Edit: I test with thinking_budget=0, and the problem still exists.
extra_body = "extra_body": {
"google": {
"thinking_config": {
"thinking_budget": 0,
"include_thoughts": true # for debug purpose
}
}
}
and about 10% of the request will think. One result completion after model dump:
{
"asctime": "2025-07-04 14:06:11",
"severity": "DEBUG",
"name": "services.openai_api",
"module": "openai_api",
"funcName": "get_completion_with_formatter",
"lineno": 222,
"correlation_id": "-",
"message": "",
"id": "",
"choices": [
{
"finish_reason": "stop",
"index": 0,
"logprobs": null,
"message": {
"content": "<thought>***</thought>{\n \"analysis\": \"***\",\n \"user_output\": \"***\"\n}",
"refusal": null,
"role": "assistant",
"audio": null,
"function_call": null,
"tool_calls": [
],
"parsed": {
"analysis": "***",
"user_output": "***"
},
"extra_content": {
"google": {
"thought": true
}
}
}
}
],
"created": 1751609171,
"model": "gemini-2.5-flash",
"object": "chat.completion",
"service_tier": null,
"system_fingerprint": null,
"usage": {
"completion_tokens": 87,
"prompt_tokens": 1238,
"total_tokens": 2164,
"completion_tokens_details": null,
"prompt_tokens_details": null
}
}
The extra_content part does not exist in my normal requests. And I'm considering if this is some kind of a service level bug.
This issue is occurring with gemini-2.5-flash-preview-09-2025. It does not respect the thinking_budget. Setting the budget to 0 has no impact, and even setting it to a definite amount e.g. 5k, results in more than 5k thinking tokens.

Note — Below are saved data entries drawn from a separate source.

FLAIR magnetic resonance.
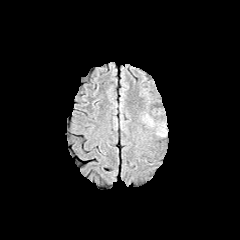
T1-weighted magnetic resonance.
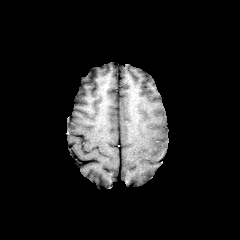
Post-contrast T1-weighted MR image.
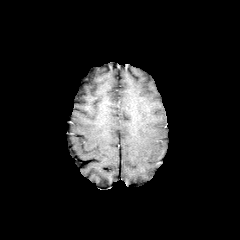
T2-weighted MR.
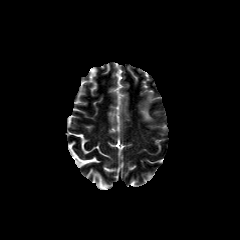
Head.
The edema appears at (141, 95, 166, 136).
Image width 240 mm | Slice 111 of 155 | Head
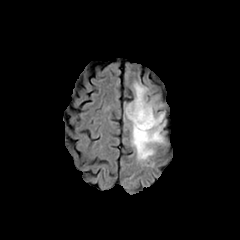
FLAIR MR image.
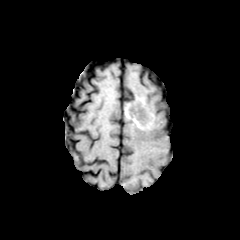
T1-weighted MRI.
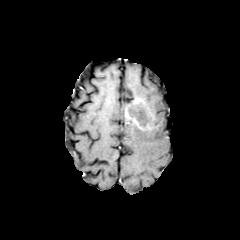
Post-contrast T1-weighted MR.
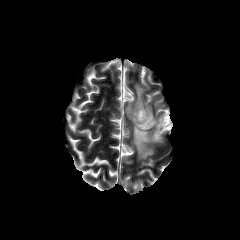
T2-weighted MR image.
2 edema regions are located at rect(135, 110, 151, 128); rect(124, 83, 165, 162). The enhancing tumor is at rect(134, 98, 144, 104). The non-enhancing tumor core is bounded by rect(126, 101, 163, 132).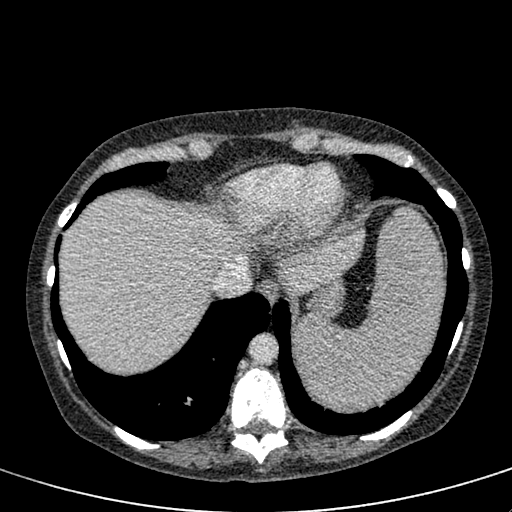

Abdomen; CT slice

The focal liver lesion lies within x1=184, y1=228, x2=215, y2=248. 2 liver regions are located at x1=60, y1=194, x2=249, y2=373; x1=277, y1=227, x2=366, y2=297.

The problem only occurs when setting response_mime_type="application/json". But removing this is not option, since we need structured output.
Agreed. It causes inconsistent outputs. gemini-2.5-flash-preview-09-2025 doesn't respect thinking_budget. In Google Studio, it works fine.
This issue is occurring with
gemini-2.5-flash-preview-09-2025. It does not respect thethinking_budget. Setting the budget to 0 has no impact, and even setting it to a definite amount e.g. 5k, results in more than 5k thinking tokens.
Confirmed, seeing the same issue. Any update @Giom-V ?
This is still being worked on but we should have a solution soon I hope.